You can query it, back it up, copy it between machines, or load it
into the Node / Go / WASM SDK without converting anything.
## How recall works
`Memory.recall(query)` runs three searches in parallel and merges the
results. Pseudocode:
```python
embedding = embedder.embed(query)
keywords = query_keywords(query) # filtered to content words
vector_messages = SELECT ... FROM messages
ORDER BY vec_distance_cosine(embedding, ?)
LIMIT k_messages
vector_summaries = SELECT ... FROM summaries
ORDER BY vec_distance_cosine(embedding, ?)
LIMIT k_summaries
lexical_messages = SELECT ... FROM messages
WHERE fts_match(content, ?)
ORDER BY bm25_score(content, ?) DESC
LIMIT k_messages -- Phase 8, BM25 over the inverted index
facts = SELECT * FROM facts
WHERE subject LIKE ...
OR predicate LIKE ...
OR object LIKE ...
LIMIT k_facts
```
The vector and lexical message lists are merged in Python (dedupe by
`id`, vector ranking primary) — that's the simplest correct shape for
hybrid retrieval: vector finds conceptual neighbors even with zero
lexical overlap, and BM25 surfaces exact-term matches the vector
embedding might rank too low. See [`docs/fts.md`](../../docs/fts.md)
for the BM25 surface and [`examples/hybrid-retrieval/`](../hybrid-retrieval/)
for an example that fuses both into a single `ORDER BY` arithmetic.
## Embedding-provider tradeoffs
| `hash` (default) | None — stdlib only | No | Bag-of-words approximation only. Good enough for the demo, mediocre for real RAG. | Zero. |
| `openai` | `openai` package | `OPENAI_API_KEY` | Excellent. `text-embedding-3-small` constrained to 384 dims. | ~30s install. |
| `local` | `sentence-transformers` (~500 MB with torch) | No | Excellent. `all-MiniLM-L6-v2`, fully offline. | ~5 min install. |
Swap with `--embedder hash | openai | local`. The dimension is fixed
at 384 to match `VECTOR(384)` in the schema; if you need a different
dim, change `DEFAULT_DIM` in `sqlrite_agent/db.py` and start with a
fresh DB.
## Known simplifications
This is an *example*, not a production agent. Things v1 punts on:
- **Memory eviction.** No automatic rolling-window or summarize-and-evict
loop yet — run `/summarize` manually when the conversation grows
unwieldy.
- **Fact extraction.** Six hand-written regex patterns. A real agent
would call the LLM to extract facts so it catches phrasings the
regex misses. Easy upgrade: wrap an LLM call in `facts.extract_facts`.
- **Single-query hybrid.** The agent merges vector hits and BM25 hits
in Python. The engine also supports a single SQL query that fuses
both into one `ORDER BY` arithmetic (`0.5 * bm25_score(...) + 0.5 *
(1.0 - vec_distance_cosine(...))`) — see [`examples/hybrid-retrieval/`](../hybrid-retrieval/).

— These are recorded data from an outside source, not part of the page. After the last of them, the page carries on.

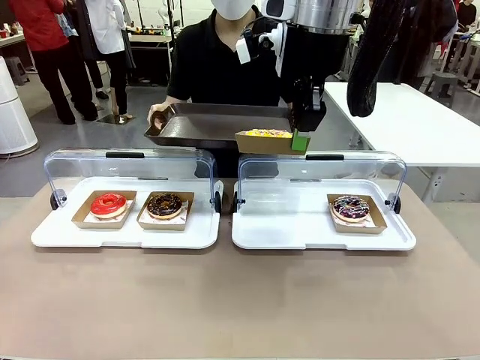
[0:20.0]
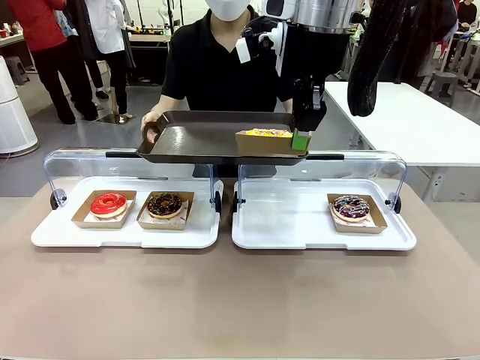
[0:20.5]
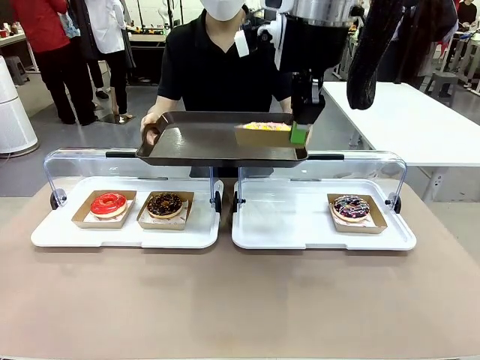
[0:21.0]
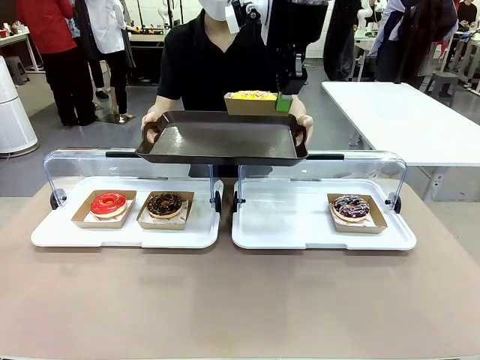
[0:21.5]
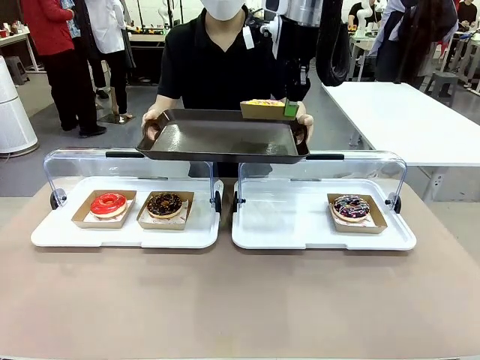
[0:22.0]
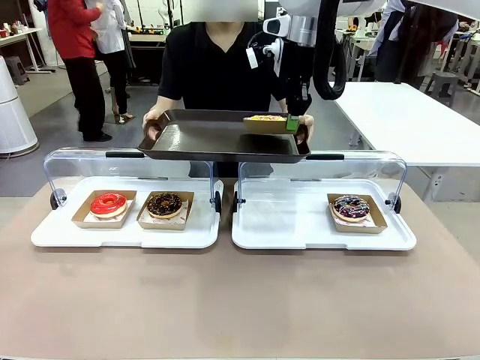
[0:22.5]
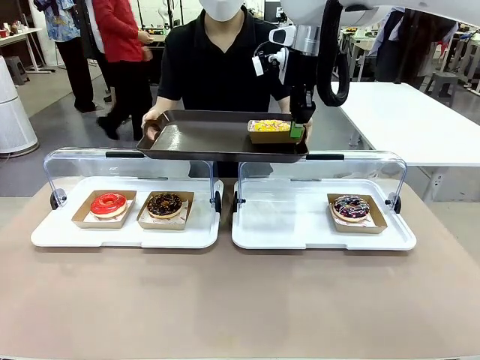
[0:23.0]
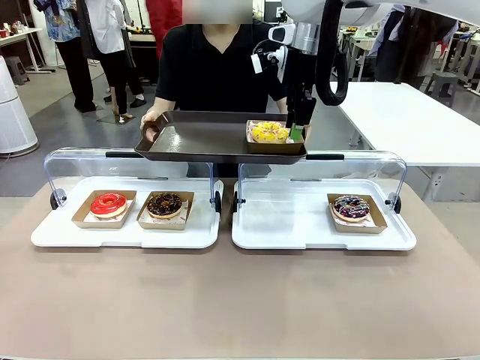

The merge approach handles conceptual queries with no token overlap;
the single-query approach is tighter when you always want BM25 to
pre-filter. Pick per workload.
- **Concurrency.** The agent assumes single-user single-process. The
engine supports concurrent reads + a single writer via fs2 advisory
locks; running two `sqlrite-agent` processes against the same DB
works, but they won't see each other's in-flight writes until commit.
## Development
```bash
# Tests run fully offline with the hash embedder and echo chat — no
# API keys, no network.
pip install -e '.[dev]'
pytest
```
## Layout
```
examples/python-agent/
├── pyproject.toml # package metadata + pinned sqlrite dep
├── README.md # this file
├── sqlrite_agent/
│ ├── __init__.py
│ ├── __main__.py # python -m sqlrite_agent → cli.main()
│ ├── agent.py # turn loop, prompt assembly, summarization
│ ├── chat.py # LLM provider abstraction (Anthropic / Echo)
│ ├── cli.py # interactive REPL + slash commands
│ ├── db.py # schema, migrations, all SQL
│ ├── embeddings.py # Embedder abstraction (hash / OpenAI / local)
│ ├── facts.py # regex-based fact extractor
│ ├── memory.py # hybrid recall over messages + summaries + facts
│ └── sqlutil.py # safe SQL-literal inlining
└── tests/ # offline pytest suite (31 tests)
```
The agent binds only to the SQLRite Python SDK's documented public
surface (`sqlrite.connect`, `Connection`, `Cursor`). It does not reach
into internals.
## License
MIT — same as the rest of the rust_sqlite repo.